Тридцать три раза пропел он одно и то же и не устал. Все были не прочь послушать его ещё раз, да тут император сказал, что теперь должен спеть немного и настоящий соловей.

Но куда же он делся? Никто и не заметил, как он выпорхнул в открытое окно и улетел в свой зелёный лес.

– Что же это такое? – сказал император, и все придворные возмутились и назвали соловья неблагодарным.

– Всё равно тот соловей, что остался у нас, лучше, – сказали они, и искусственному соловью пришлось петь опять, и все в тридцать четвёртый раз услышали одну и ту же песенку. Однако придворные так и не запомнили её наизусть, такая она была трудная. А капельмейстер знай нахваливал искусственного соловья и утверждал даже, что он лучше настоящего не только нарядом и чудесными алмазами, но и внутренним своим складом.

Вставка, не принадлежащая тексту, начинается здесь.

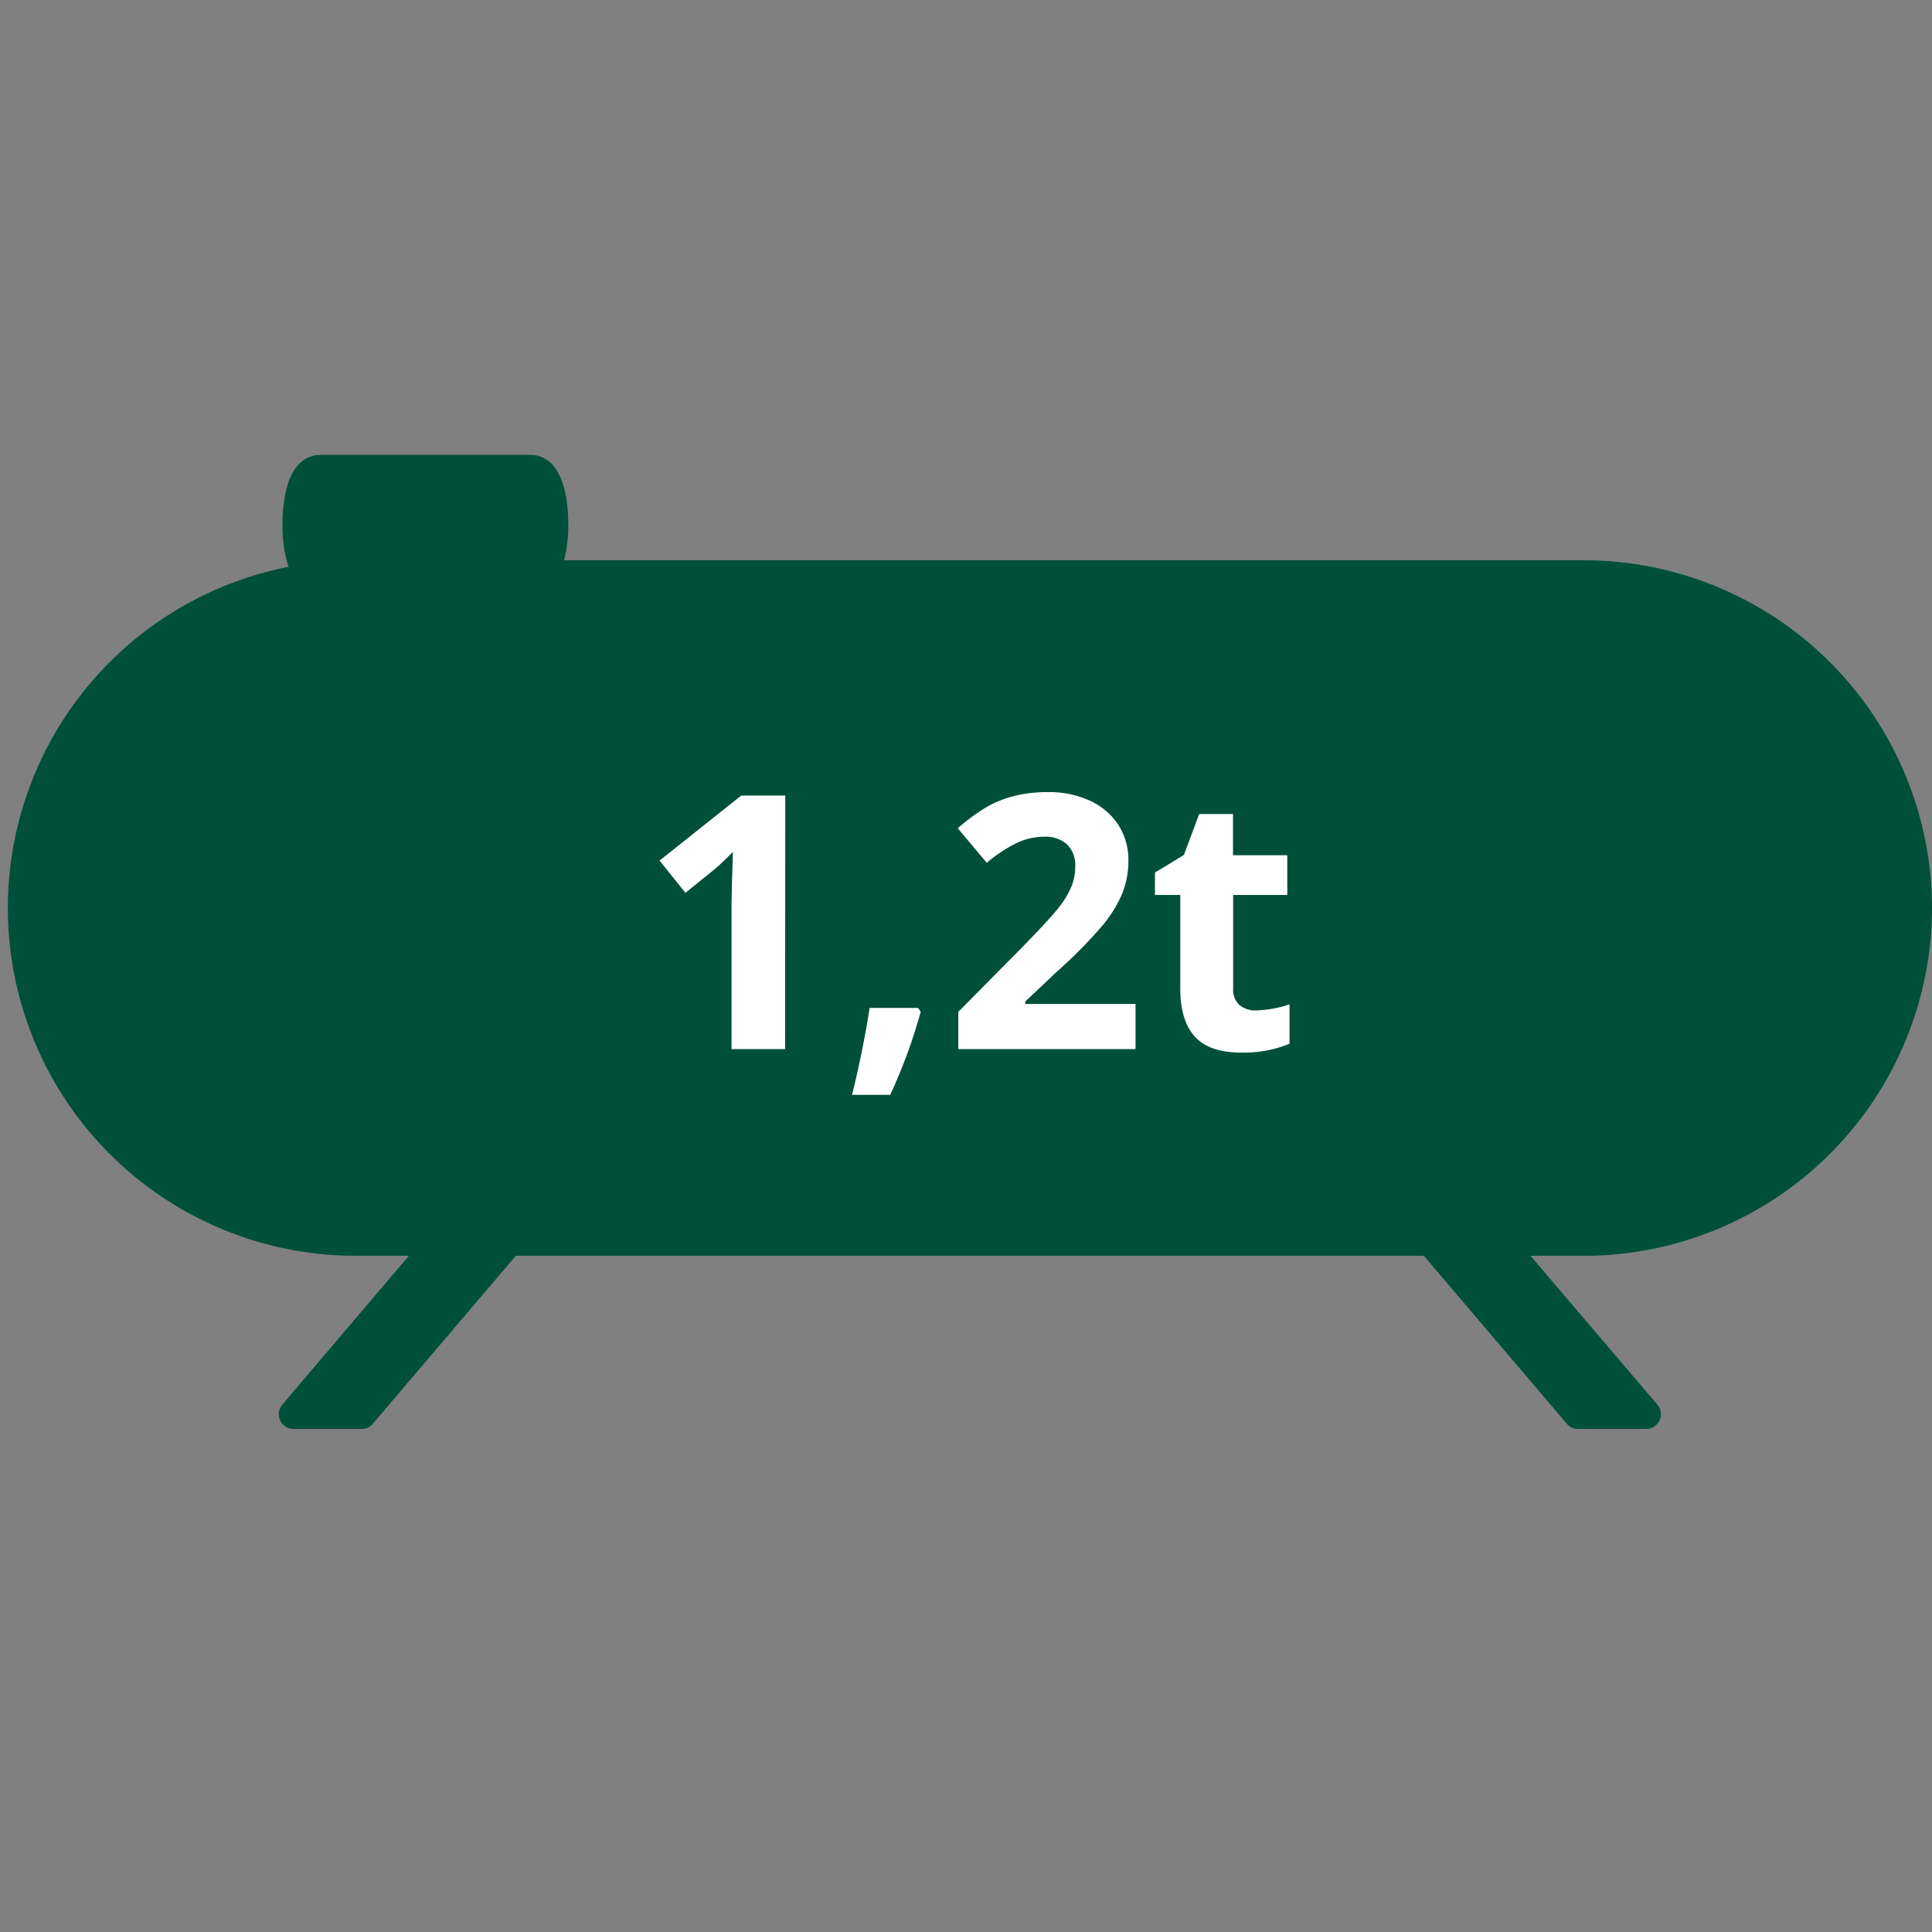 <svg id="Ebene_1" data-name="Ebene 1" xmlns="http://www.w3.org/2000/svg" width="400" height="400" viewBox="0 0 400 400"><rect x="0" y="0" width="400" height="400" fill="#808080" stroke="none"/><title>FG_ARH_icon</title><path d="M400,188a72.1,72.1,0,0,0-72-72H116.79a28.9,28.9,0,0,0,.86-7.41c0-9.16-2.88-14.42-7.91-14.42H66.39c-1.86,0-5.23.82-6.89,6.35a29.17,29.17,0,0,0-1,8.07,26.44,26.44,0,0,0,1.25,8.76A72,72,0,0,0,73.56,260h11.1l-26.21,30.8a3.06,3.06,0,0,0,2.33,5.05H74.86a3,3,0,0,0,2.33-1.08L106.79,260h188l29.6,34.77a3,3,0,0,0,2.33,1.08h14.08a3.06,3.06,0,0,0,2.33-5.05L316.87,260H328A72.11,72.11,0,0,0,400,188Z" style="fill:#005039"/><path d="M162.55,217.2H151.46V186.84l.11-5,.18-5.46c-1.84,1.84-3.13,3.05-3.84,3.62l-6,4.85-5.35-6.68,16.91-13.46h9.11Z" style="fill:#fff"/><path d="M190.62,209.49a111.61,111.61,0,0,1-6.31,17.19h-7.9q2.34-9.54,3.63-18h10.05Z" style="fill:#fff"/><path d="M235.1,217.2H198.41v-7.71l13.18-13.32q5.85-6,7.65-8.31a18.86,18.86,0,0,0,2.58-4.29,10.86,10.86,0,0,0,.79-4.09,6,6,0,0,0-1.74-4.71,6.74,6.74,0,0,0-4.65-1.54,13.4,13.4,0,0,0-5.92,1.4,30.32,30.32,0,0,0-6,4l-6-7.14a39.74,39.74,0,0,1,6.43-4.67,23.52,23.52,0,0,1,5.56-2.1A28.56,28.56,0,0,1,217,164a20.11,20.11,0,0,1,8.69,1.79,13.94,13.94,0,0,1,5.85,5,13.32,13.32,0,0,1,2.08,7.39,18.12,18.12,0,0,1-1.27,6.81,26.24,26.24,0,0,1-4,6.51A96.38,96.38,0,0,1,219,201l-6.74,6.36v.5H235.1Z" style="fill:#fff"/><path d="M260.09,209.2a23.68,23.68,0,0,0,6.89-1.26v8.15a24.59,24.59,0,0,1-10.05,1.83q-6.57,0-9.57-3.32t-3-10V185.29h-5.24v-4.63l6-3.66,3.16-8.47h7v8.54h11.24v8.22H255.31v19.35a4.3,4.3,0,0,0,1.31,3.45A5.2,5.2,0,0,0,260.09,209.2Z" style="fill:#fff"/></svg>

– Изволите видеть, ваше величество, и вы, господа, про живого соловья никогда нельзя знать наперёд, что он споёт, а про искусственного можно! Именно так, и не иначе! В искусственном соловье всё можно понять, его можно разобрать и показать человеческому уму, как расположены валики, как они вертятся, как одно следует из другого!..

– И я тоже так думаю! – в голос сказали все, и капельмейстер получил разрешение в следующее же воскресенье показать искусственного соловья народу.

– Пусть и народ послушает его! – сказал император.

И народ слушал и остался очень доволен, как будто вдоволь напился чаю – это ведь так по-китайски. И все говорили: «О!» – и поднимали в знак одобрения палец, и кивали головами. Только бедные рыбаки, слышавшие настоящего соловья, говорили:

– Недурно и очень похоже, да вот чего-то недостаёт, сами не знаем чего.

Настоящего соловья объявили изгнанным из пределов страны, а искусственный занял место на шёлковой подушке у постели императора. Вокруг него лежали преподнесённые ему подарки, а сам он был возведён в звание «певца ночного столика его императорского величества номер один слева», потому что самым почётным император считал место, где расположено сердце, а сердце расположено слева даже у императоров. А капельмейстер написал об искусственном соловье учёный труд в двадцати пяти томах, полный самых трудных китайских слов, и придворные говорили, что прочли и поняли его, не то они показали бы себя дураками и были бы биты палками по животу.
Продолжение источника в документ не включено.